The updated yearly sp500 candlestick chart is showing that the 2012 price candlestick is morphing into a reversal candlestick and may morph even further into bearish form as the year progresses. The way the candlestick looks now (not even at the mid year point) suggests that there is a rejection of the new bull market zone above 1320. The topping tail on the current 2012 candle indicates supply came into the market in that range.
Of course the year is no where near finished and a lot can happen between now and end of year, but at least up to today it is taking a bearish form.
I suspect that the 2012 candlestick will continue to take shape of a bearish candlestick.
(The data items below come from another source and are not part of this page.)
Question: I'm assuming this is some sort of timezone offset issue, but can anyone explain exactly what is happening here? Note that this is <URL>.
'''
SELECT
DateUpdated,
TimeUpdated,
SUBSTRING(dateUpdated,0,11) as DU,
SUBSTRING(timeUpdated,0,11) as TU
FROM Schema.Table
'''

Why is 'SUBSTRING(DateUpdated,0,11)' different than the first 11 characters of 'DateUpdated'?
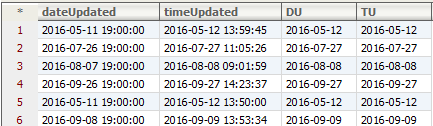
Answer: Would be better if you will past definition in this class for this properties. And anyway I would not recommend to work with dates as with strings. Instead you should use <URL>' only time from this property
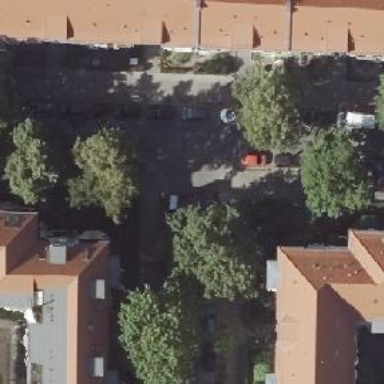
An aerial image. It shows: Residential road with on-street parallel parking lanes on both sides.
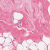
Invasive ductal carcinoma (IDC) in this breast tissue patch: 0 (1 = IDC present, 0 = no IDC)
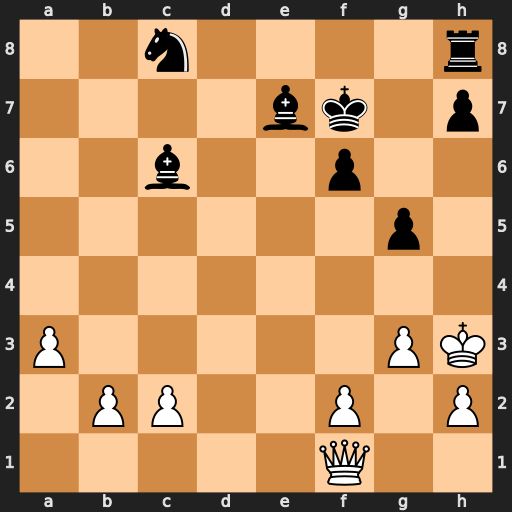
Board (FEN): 2n4r/4bk1p/2b2p2/6p1/8/P5PK/1PP2P1P/5Q2
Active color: w
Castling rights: -
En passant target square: -
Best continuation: Qc4+ Kg6 Qxc6

If the 2012 candlestick is to remain as a bearish signaling candle very similar to the 2007 yearly price candlestick then it would suggest that the max downside for the 2012 candle will be in the 1210 range on the sp500.
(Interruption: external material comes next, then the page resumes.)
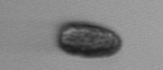
Label: Pseudochattonella_farcimen

So the scenario could play out with 1210 range being an important low and then an extended bounce into end of year period and then a new semi overbought stance in preparation for the real down move in 2012.
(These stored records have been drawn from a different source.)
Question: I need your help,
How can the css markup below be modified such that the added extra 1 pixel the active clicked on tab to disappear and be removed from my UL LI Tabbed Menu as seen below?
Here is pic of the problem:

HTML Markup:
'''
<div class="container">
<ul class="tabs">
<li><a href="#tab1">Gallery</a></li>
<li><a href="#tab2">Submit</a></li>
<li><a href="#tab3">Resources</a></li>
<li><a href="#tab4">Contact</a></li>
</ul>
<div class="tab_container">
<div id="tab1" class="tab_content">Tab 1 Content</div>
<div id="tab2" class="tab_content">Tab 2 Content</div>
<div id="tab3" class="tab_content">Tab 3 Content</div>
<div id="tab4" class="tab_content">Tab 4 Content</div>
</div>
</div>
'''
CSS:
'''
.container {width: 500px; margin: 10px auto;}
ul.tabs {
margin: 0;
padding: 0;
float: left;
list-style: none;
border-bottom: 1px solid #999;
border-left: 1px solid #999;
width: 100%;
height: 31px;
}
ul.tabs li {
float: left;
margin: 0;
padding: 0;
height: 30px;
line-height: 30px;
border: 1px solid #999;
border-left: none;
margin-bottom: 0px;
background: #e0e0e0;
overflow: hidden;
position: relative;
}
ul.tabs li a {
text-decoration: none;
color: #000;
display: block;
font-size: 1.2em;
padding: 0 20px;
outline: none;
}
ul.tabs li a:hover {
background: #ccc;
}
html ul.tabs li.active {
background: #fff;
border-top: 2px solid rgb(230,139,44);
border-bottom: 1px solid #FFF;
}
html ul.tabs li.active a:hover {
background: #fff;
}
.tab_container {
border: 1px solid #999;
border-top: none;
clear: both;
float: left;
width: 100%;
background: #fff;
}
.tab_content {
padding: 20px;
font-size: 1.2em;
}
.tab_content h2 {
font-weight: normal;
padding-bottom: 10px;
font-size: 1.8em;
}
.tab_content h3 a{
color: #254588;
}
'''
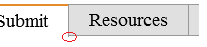
Answer: These two lines (added at the bottom) fixed it:
'''
ul.tabs {
border-bottom: none;
}
/* Why are you using 'html' here? No point to it! */
html ul.tabs li.active {
border-bottom: none;
}
'''
You don't need a full border below your tabs to draw the lines, let your 'li' elements take care of that, and then just shift the '1px' border from the bottom to the top by adding it to the 'border-top'. When not using 'box-sizing: border-box' you have to make sure that your borders all add up to the same amount to prevent things like this from happening.
'''
.container {width: 500px; margin: 10px auto;}
ul.tabs {
margin: 0;
padding: 0;
float: left;
list-style: none;
border-bottom: 1px solid #999;
border-left: 1px solid #999;
width: 100%;
height: 31px;
}
ul.tabs li {
float: left;
margin: 0;
padding: 0;
height: 30px;
line-height: 30px;
border: 1px solid #999;
border-left: none;
margin-bottom: 0px;
background: #e0e0e0;
overflow: hidden;
position: relative;
}
ul.tabs li a {
text-decoration: none;
color: #000;
display: block;
font-size: 1.2em;
padding: 0 20px;
outline: none;
}
ul.tabs li a:hover {
background: #ccc;
}
html ul.tabs li.active {
background: #fff;
border-top: 2px solid rgb(230,139,44);
border-bottom: 1px solid #FFF;
}
html ul.tabs li.active a:hover {
background: #fff;
}
.tab_container {
border: 1px solid #999;
border-top: none;
clear: both;
float: left;
width: 100%;
background: #fff;
}
.tab_content {
padding: 20px;
font-size: 1.2em;
}
.tab_content h2 {
font-weight: normal;
padding-bottom: 10px;
font-size: 1.8em;
}
.tab_content h3 a{
color: #254588;
}
ul.tabs { border-bottom: none; }
html ul.tabs li.active { border-bottom: none; }
'''
'''
<div class="container">
<ul class="tabs">
<li class="active"><a href="#tab1">Gallery</a></li>
<li><a href="#tab2">Submit</a></li>
<li><a href="#tab3">Resources</a></li>
<li><a href="#tab4">Contact</a></li>
</ul>
<div class="tab_container">
<div id="tab1" class="tab_content">Tab 1 Content</div>
<div id="tab2" class="tab_content">Tab 2 Content</div>
<div id="tab3" class="tab_content">Tab 3 Content</div>
<div id="tab4" class="tab_content">Tab 4 Content</div>
</div>
</div>
'''

The yearly RSI structure shows that despite the long term bear market we are still technical in a positive bias era with RSI holding greater than 50. It will be a breaking of RSI under the 50 range that will invoke the ultra bearish most destructive consequences of this bear market. A yearly closing of RSI (relative strength index) under the 50 range will be the range where equities are truly hated. This red shaded sell off zone could become reality in the 2015 to 2020 time frame. That will likely be the time frame to load up on equities for ‘the long term’.